ACTION ITEM:
Copy out the data below as written; omit any images.

SUPPLIED RECORDS:
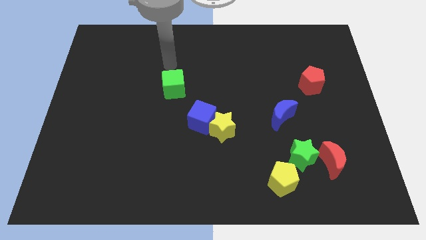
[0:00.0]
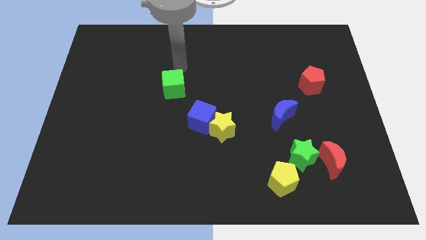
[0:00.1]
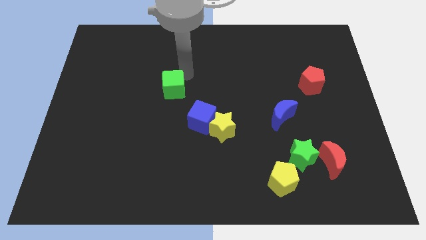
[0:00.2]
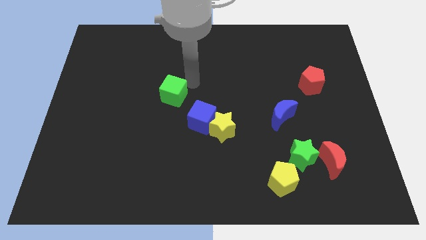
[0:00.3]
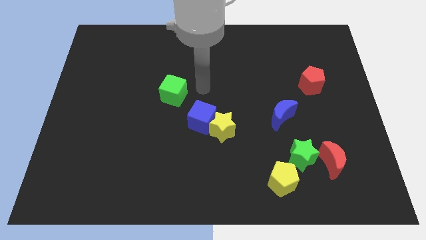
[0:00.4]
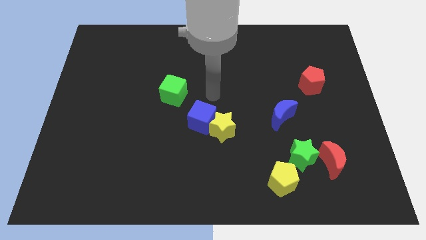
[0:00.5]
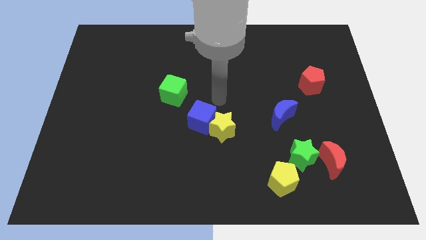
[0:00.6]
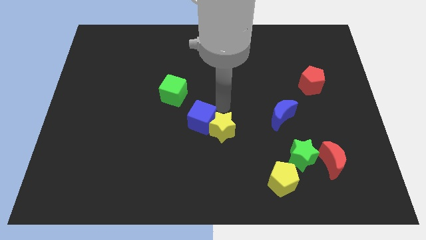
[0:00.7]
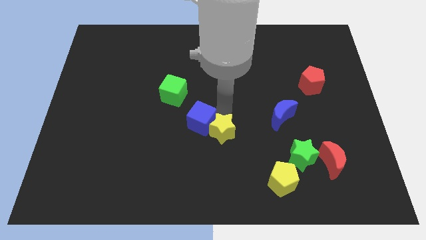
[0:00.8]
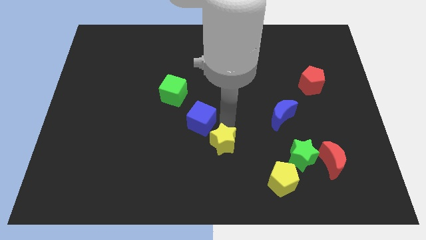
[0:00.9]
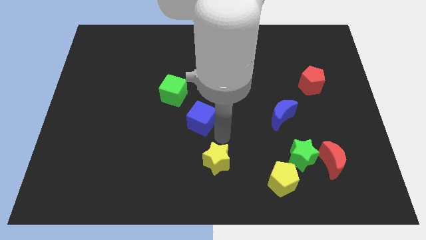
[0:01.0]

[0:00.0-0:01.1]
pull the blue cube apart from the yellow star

ANSWER TO THIS EXERCISE:
[0:00.0]
[0:00.1]
[0:00.2]
[0:00.3]
[0:00.4]
[0:00.5]
[0:00.6]
[0:00.7]
[0:00.8]
[0:00.9]
[0:01.0]

[0:00.0-0:01.1]
pull the blue cube apart from the yellow star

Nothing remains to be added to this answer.